__ABOUT THIS TASK__: The result should be the lines from the one that contains "Post-contrast T1-weighted (T1c)" to the final line of the entries below, copied exactly and with no pictures.

__Recorded data__:
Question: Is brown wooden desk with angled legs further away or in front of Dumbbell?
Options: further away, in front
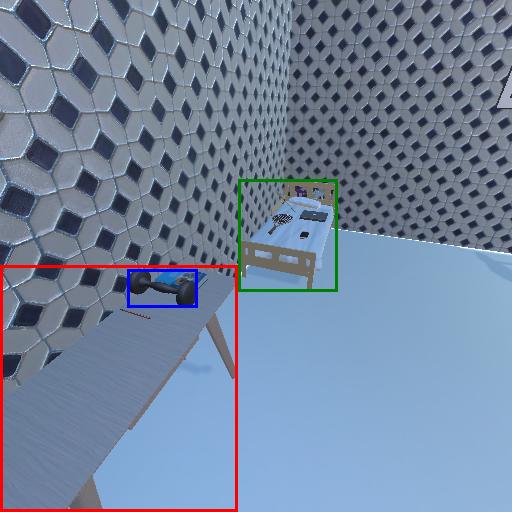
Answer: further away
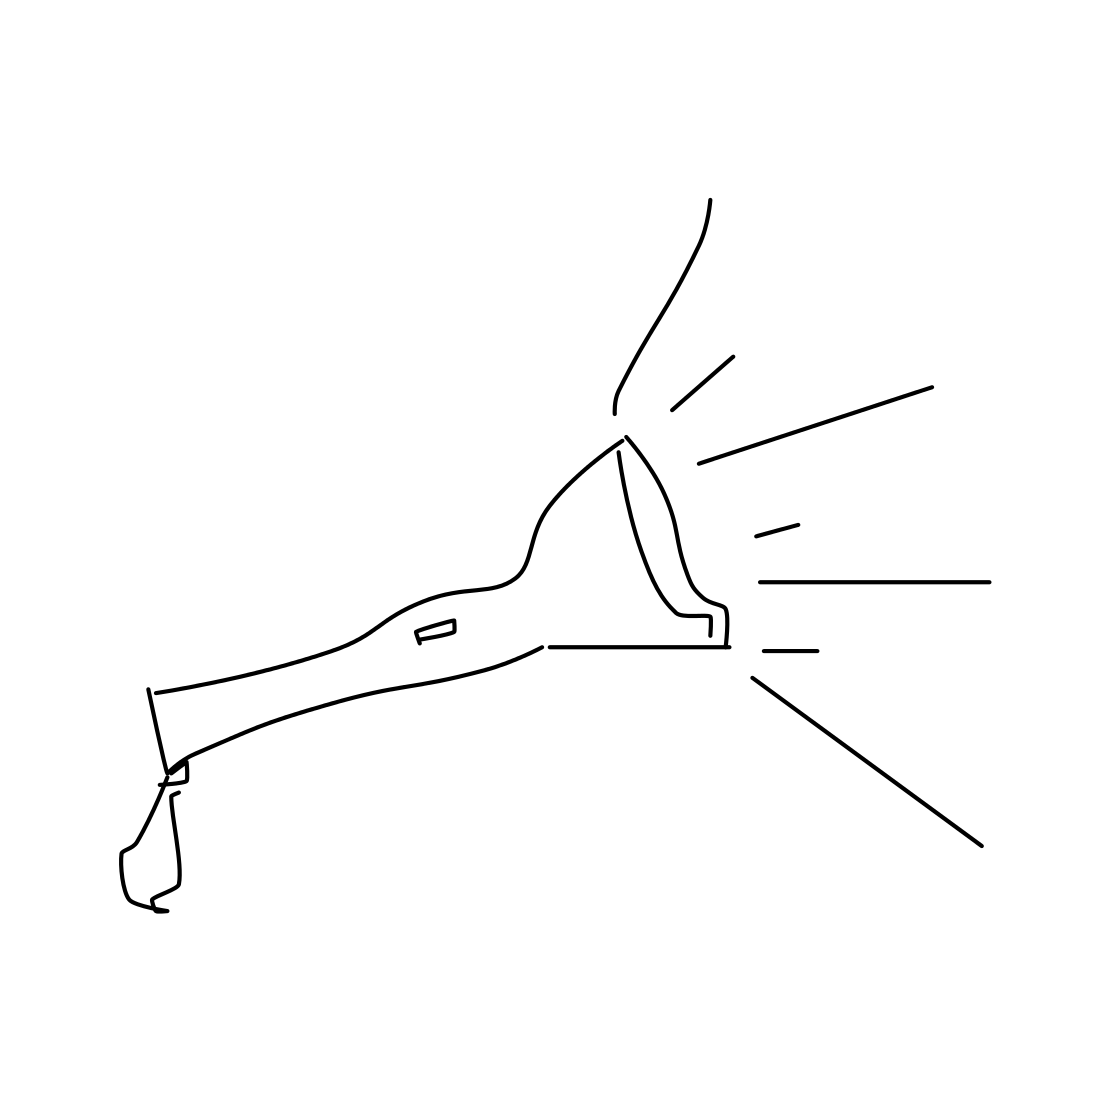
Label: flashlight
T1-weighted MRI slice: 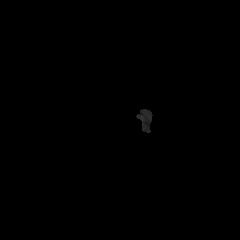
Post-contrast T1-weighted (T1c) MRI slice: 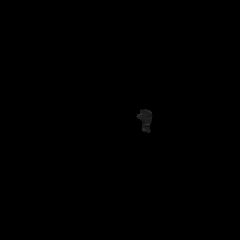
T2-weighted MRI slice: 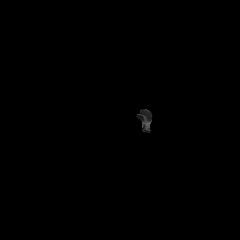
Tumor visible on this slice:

__SOLUTION TO THIS PROBLEM__:
Post-contrast T1-weighted (T1c) MRI slice: 
T2-weighted MRI slice: 
Tumor visible on this slice:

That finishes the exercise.